Yes, the S-1 highlights material conflicts of interest. Officers and directors have existing fiduciary obligations to other entities and could potentially make substantial profits from their low-cost founder shares even if the acquired business declines in value and is unprofitable for public shareholders.
What are the redemption rights for public shareholders of Churchill Capital Corp XI?
Public shareholders have the opportunity to redeem all or a portion of their Class A ordinary shares upon the completion of an initial business combination or if no business combination is completed within the specified timeframe. However, shareholders are restricted from redeeming more than 15% of the shares sold in the offering without prior consent.
Who is the sponsor of Churchill Capital Corp XI?
The sponsor of Churchill Capital Corp XI is Churchill Sponsor XI LLC, which has M. Klein Associates Inc. as its managing member and is an affiliate of M. Klein and Company, LLC.
What are the listing plans for Churchill Capital Corp XI's securities?
Churchill Capital Corp XI intends to apply to list its units on the Nasdaq Global Market under the symbol 'CCXIU'. Once separated, the Class A ordinary shares and warrants are expected to be listed on Nasdaq under the symbols 'CCXI' and 'CCXIW', respectively.
How much will Churchill Capital Corp XI reimburse its sponsor for expenses?
Churchill Capital Corp XI will repay up to $600,000 in loans made by its sponsor for offering-related and organizational expenses. Additionally, it will reimburse the managing member of its sponsor $30,000 per month for office space, utilities, and administrative support.
Risk Factors
- Dilution from Sponsor Shares and Warrants [high — financial]: The sponsor, Churchill Sponsor XI LLC, purchased 500,000 private placement units for $5,000,000 and holds 11,500,000 Class B ordinary shares at a nominal price of $0.002 per share. This structure creates significant potential dilution for public shareholders, as the sponsor's effective ownership of ordinary shares (as-converted) is estimated at 25% upon the offering's consummation.

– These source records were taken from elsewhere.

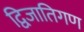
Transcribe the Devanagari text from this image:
द्विजातिगण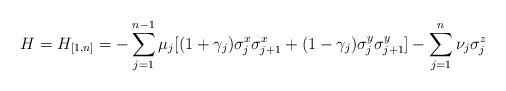
LaTeX: \begin{align*} H = H_{[1,n]} = - \sum_{j=1}^{n-1} \mu_j [ (1+\gamma_j) \sigma_j^x \sigma_{j+1}^x + (1-\gamma_j) \sigma_j^y \sigma_{j+1}^y] - \sum_{j=1}^n \nu_j \sigma_j^z \, \end{align*}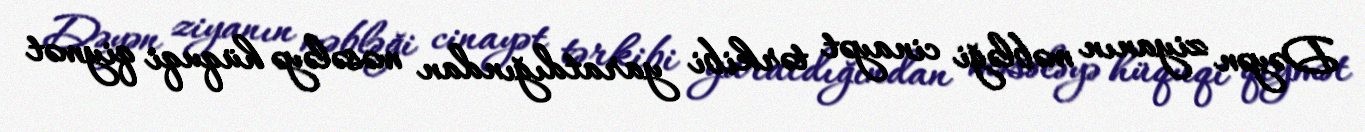
Dəyən ziyanın məbləği cinayət tərkibi yaratdığından məsələyə hüquqi qiymət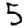
Digit: 5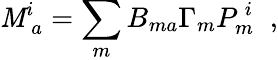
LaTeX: \mathit{M}_{~a}^{i}=\sum_{m}B_{ma}\Gamma_{m}P_{m}^{~i}\; \; ,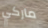
ماركي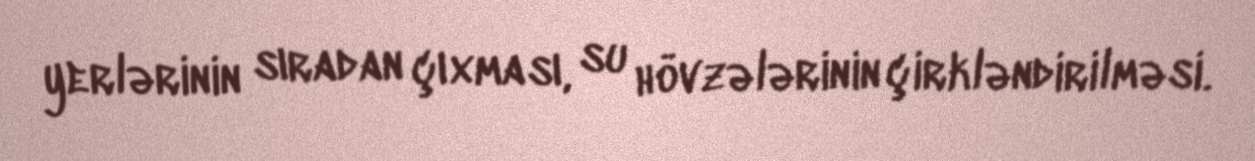
yerlərinin sıradan çıxması, su hövzələrinin çirkləndirilməsi.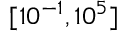
[ 1 0 ^ { - 1 } , 1 0 ^ { 5 } ]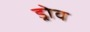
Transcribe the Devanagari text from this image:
ड्रोव
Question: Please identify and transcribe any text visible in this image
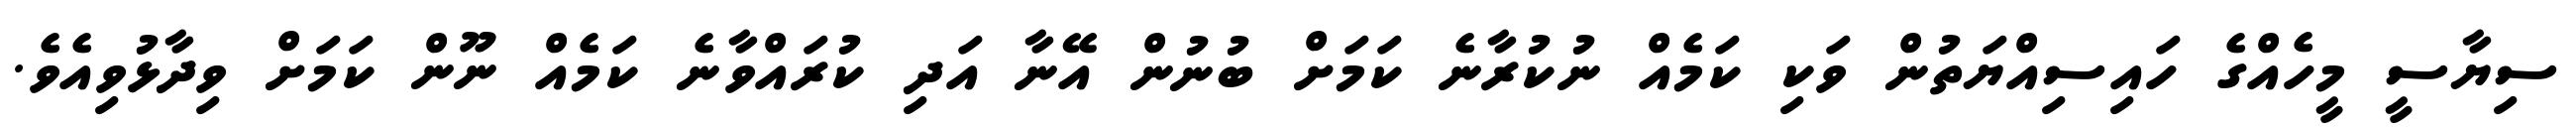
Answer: ސިޔާސީ މީހެއްގެ ހައިސިއްޔަތުން ވަކި ކަމެއް ނުކުރާނެ ކަމަށް ބުނުން އޭނާ އަދި ކުރައްވާނެ ކަމެއް ނޫން ކަމަށް ވިދާޅުވިއެވެ.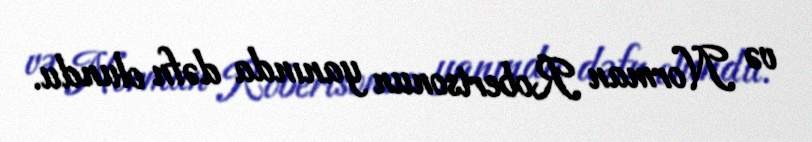
və Norman Robertsonun yanında dəfn olundu.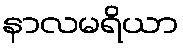
နာလမရိယာ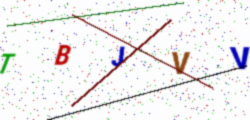
Text: TBJVV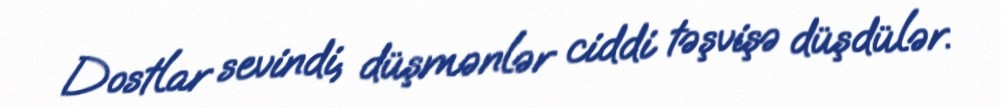
Dostlar sevindi, düşmənlər ciddi təşvişə düşdülər.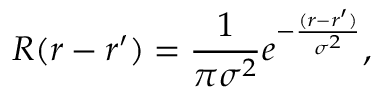
R ( r - r ^ { \prime } ) = \frac { 1 } { \pi \sigma ^ { 2 } } e ^ { - \frac { ( r - r ^ { \prime } ) } { \sigma ^ { 2 } } } ,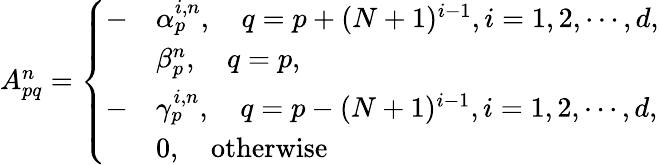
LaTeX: \begin{array}{r}{A_{pq}^{n}=\left\{ \begin{array}{ll}{-}&{\alpha_{p}^{i,n},\quad q=p+(N+1)^{i-1},i=1,2,\cdots,d,}\\ &{\beta_{p}^{n},\quad q=p,}\\ {-}&{\gamma_{p}^{i,n},\quad q=p-(N+1)^{i-1},i=1,2,\cdots,d,}\\ &{0,\quad\mathrm{otherwise}}\end{array}\right.}\end{array}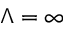
\Lambda = \infty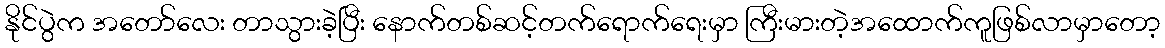
နိုင်ပွဲက အတော်လေး တာသွားခဲ့ပြီး နောက်တစ်ဆင့်တက်ရောက်ရေးမှာ ကြီးမားတဲ့အထောက်ကူဖြစ်လာမှာတော့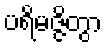
ပရိမဇ္ဇိတွာ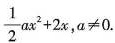
$$\frac{1}{2}ax^{2}+2x?$$,$$a\ne 0$$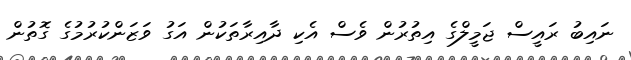
ނައިބު ރައީސް ޖަމީލްގެ އިތުރުން ވެސް އެކި ދާއިރާތަކުން އަގު ވަޒަންކުރުމުގެ ގޮތުން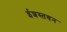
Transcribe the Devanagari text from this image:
ईशस्तवन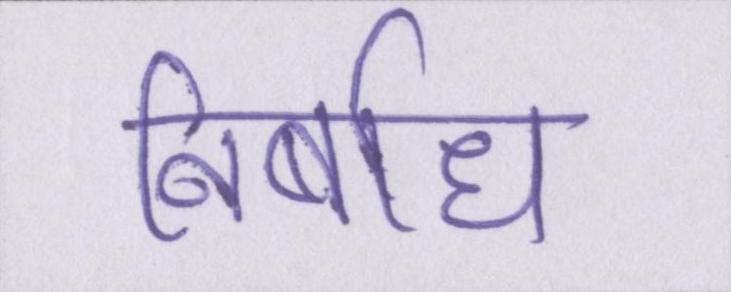
निर्बाध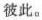
被此。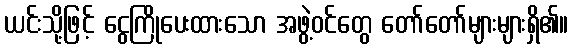
ယင်းသို့ဖြင့် ငွေကြိုပေးထားသော အဖွဲ့ဝင်တွေ တော်တော်များများရှိ၏။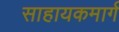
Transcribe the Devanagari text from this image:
साहायकमार्ग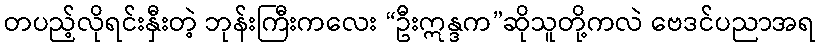
တပည့်လိုရင်းနှီးတဲ့ ဘုန်းကြီးကလေး “ဦးဣန္ဒက”ဆိုသူတို့ကလဲ ဗေဒင်ပညာအရ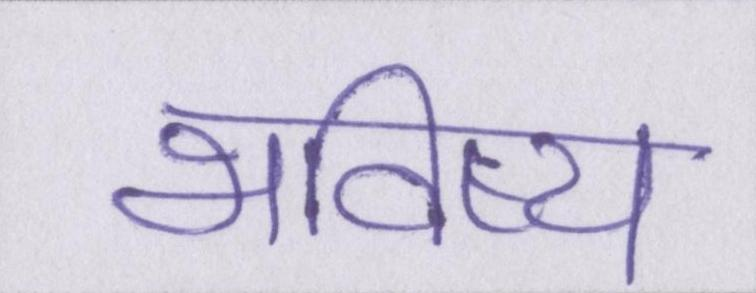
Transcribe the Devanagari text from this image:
भविष्य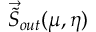
\vec { \tilde { S } } _ { o u t } ( \mu , \eta )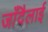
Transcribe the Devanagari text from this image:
जाँदैलाई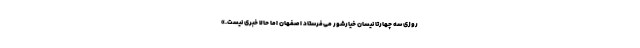
روزی سه چهارتا نیسان خیارشور می‌فرستاد اصفهان اما حالا خبری نیست.»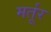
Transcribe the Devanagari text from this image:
मर्तूर

- Limited Timeframe for Business Combination [high — operational]: The company has a 24-month window (extendable to 27 months under specific conditions) to complete an initial business combination. Failure to do so will result in the redemption of public shares, potentially leading to a loss of invested capital for public shareholders.
- Redemption Rights Limitations [medium — regulatory]: While public shareholders have redemption rights, these are limited to 15% of shares sold in the offering without prior consent if a shareholder vote is held for the business combination. This restriction could limit the ability of large shareholders to exit their investment under certain circumstances.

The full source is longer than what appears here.